--- THE DATA ---

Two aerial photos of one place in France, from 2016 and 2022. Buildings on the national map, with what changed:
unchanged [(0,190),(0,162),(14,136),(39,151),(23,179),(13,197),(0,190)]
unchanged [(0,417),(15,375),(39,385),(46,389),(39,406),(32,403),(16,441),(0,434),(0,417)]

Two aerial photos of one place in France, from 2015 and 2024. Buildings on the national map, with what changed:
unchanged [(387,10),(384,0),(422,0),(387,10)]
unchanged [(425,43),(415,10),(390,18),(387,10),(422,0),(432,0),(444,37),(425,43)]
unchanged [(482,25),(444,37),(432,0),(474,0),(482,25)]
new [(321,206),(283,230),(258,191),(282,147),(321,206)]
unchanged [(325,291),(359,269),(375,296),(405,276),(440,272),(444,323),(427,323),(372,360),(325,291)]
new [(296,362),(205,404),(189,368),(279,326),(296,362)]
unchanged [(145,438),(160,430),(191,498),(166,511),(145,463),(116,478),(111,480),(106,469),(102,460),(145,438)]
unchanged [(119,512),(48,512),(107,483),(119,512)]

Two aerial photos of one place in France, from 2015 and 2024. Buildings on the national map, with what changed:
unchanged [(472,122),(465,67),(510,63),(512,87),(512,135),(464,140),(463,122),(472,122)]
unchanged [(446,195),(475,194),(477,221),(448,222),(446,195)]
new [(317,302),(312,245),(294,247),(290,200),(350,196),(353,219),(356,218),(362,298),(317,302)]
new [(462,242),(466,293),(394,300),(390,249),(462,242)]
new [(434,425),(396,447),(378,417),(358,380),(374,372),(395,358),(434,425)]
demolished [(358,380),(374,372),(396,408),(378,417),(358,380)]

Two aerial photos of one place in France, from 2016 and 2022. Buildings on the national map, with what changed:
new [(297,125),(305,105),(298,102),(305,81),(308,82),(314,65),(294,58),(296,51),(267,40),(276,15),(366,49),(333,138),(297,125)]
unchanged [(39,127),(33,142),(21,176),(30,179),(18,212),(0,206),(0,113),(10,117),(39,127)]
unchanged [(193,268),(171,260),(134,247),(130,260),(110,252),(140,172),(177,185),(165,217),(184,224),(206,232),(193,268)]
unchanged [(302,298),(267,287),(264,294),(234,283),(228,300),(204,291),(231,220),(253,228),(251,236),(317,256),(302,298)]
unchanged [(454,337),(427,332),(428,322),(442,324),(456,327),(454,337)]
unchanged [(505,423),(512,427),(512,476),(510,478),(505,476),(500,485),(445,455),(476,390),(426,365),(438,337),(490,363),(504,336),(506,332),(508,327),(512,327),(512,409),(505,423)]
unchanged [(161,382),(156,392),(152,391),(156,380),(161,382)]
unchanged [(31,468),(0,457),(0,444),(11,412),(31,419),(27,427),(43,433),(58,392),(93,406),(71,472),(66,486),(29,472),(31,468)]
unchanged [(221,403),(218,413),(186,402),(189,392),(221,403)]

---

### WORK TASK:
In your response, reproduce the records exactly, every one.

### YOUR SOLUTION:
Two aerial photos of one place in France, from 2016 and 2022. Buildings on the national map, with what changed:
unchanged [(0,190),(0,162),(14,136),(39,151),(23,179),(13,197),(0,190)]
unchanged [(0,417),(15,375),(39,385),(46,389),(39,406),(32,403),(16,441),(0,434),(0,417)]

Two aerial photos of one place in France, from 2015 and 2024. Buildings on the national map, with what changed:
unchanged [(387,10),(384,0),(422,0),(387,10)]
unchanged [(425,43),(415,10),(390,18),(387,10),(422,0),(432,0),(444,37),(425,43)]
unchanged [(482,25),(444,37),(432,0),(474,0),(482,25)]
new [(321,206),(283,230),(258,191),(282,147),(321,206)]
unchanged [(325,291),(359,269),(375,296),(405,276),(440,272),(444,323),(427,323),(372,360),(325,291)]
new [(296,362),(205,404),(189,368),(279,326),(296,362)]
unchanged [(145,438),(160,430),(191,498),(166,511),(145,463),(116,478),(111,480),(106,469),(102,460),(145,438)]
unchanged [(119,512),(48,512),(107,483),(119,512)]

Two aerial photos of one place in France, from 2015 and 2024. Buildings on the national map, with what changed:
unchanged [(472,122),(465,67),(510,63),(512,87),(512,135),(464,140),(463,122),(472,122)]
unchanged [(446,195),(475,194),(477,221),(448,222),(446,195)]
new [(317,302),(312,245),(294,247),(290,200),(350,196),(353,219),(356,218),(362,298),(317,302)]
new [(462,242),(466,293),(394,300),(390,249),(462,242)]
new [(434,425),(396,447),(378,417),(358,380),(374,372),(395,358),(434,425)]
demolished [(358,380),(374,372),(396,408),(378,417),(358,380)]

Two aerial photos of one place in France, from 2016 and 2022. Buildings on the national map, with what changed:
new [(297,125),(305,105),(298,102),(305,81),(308,82),(314,65),(294,58),(296,51),(267,40),(276,15),(366,49),(333,138),(297,125)]
unchanged [(39,127),(33,142),(21,176),(30,179),(18,212),(0,206),(0,113),(10,117),(39,127)]
unchanged [(193,268),(171,260),(134,247),(130,260),(110,252),(140,172),(177,185),(165,217),(184,224),(206,232),(193,268)]
unchanged [(302,298),(267,287),(264,294),(234,283),(228,300),(204,291),(231,220),(253,228),(251,236),(317,256),(302,298)]
unchanged [(454,337),(427,332),(428,322),(442,324),(456,327),(454,337)]
unchanged [(505,423),(512,427),(512,476),(510,478),(505,476),(500,485),(445,455),(476,390),(426,365),(438,337),(490,363),(504,336),(506,332),(508,327),(512,327),(512,409),(505,423)]
unchanged [(161,382),(156,392),(152,391),(156,380),(161,382)]
unchanged [(31,468),(0,457),(0,444),(11,412),(31,419),(27,427),(43,433),(58,392),(93,406),(71,472),(66,486),(29,472),(31,468)]
unchanged [(221,403),(218,413),(186,402),(189,392),(221,403)]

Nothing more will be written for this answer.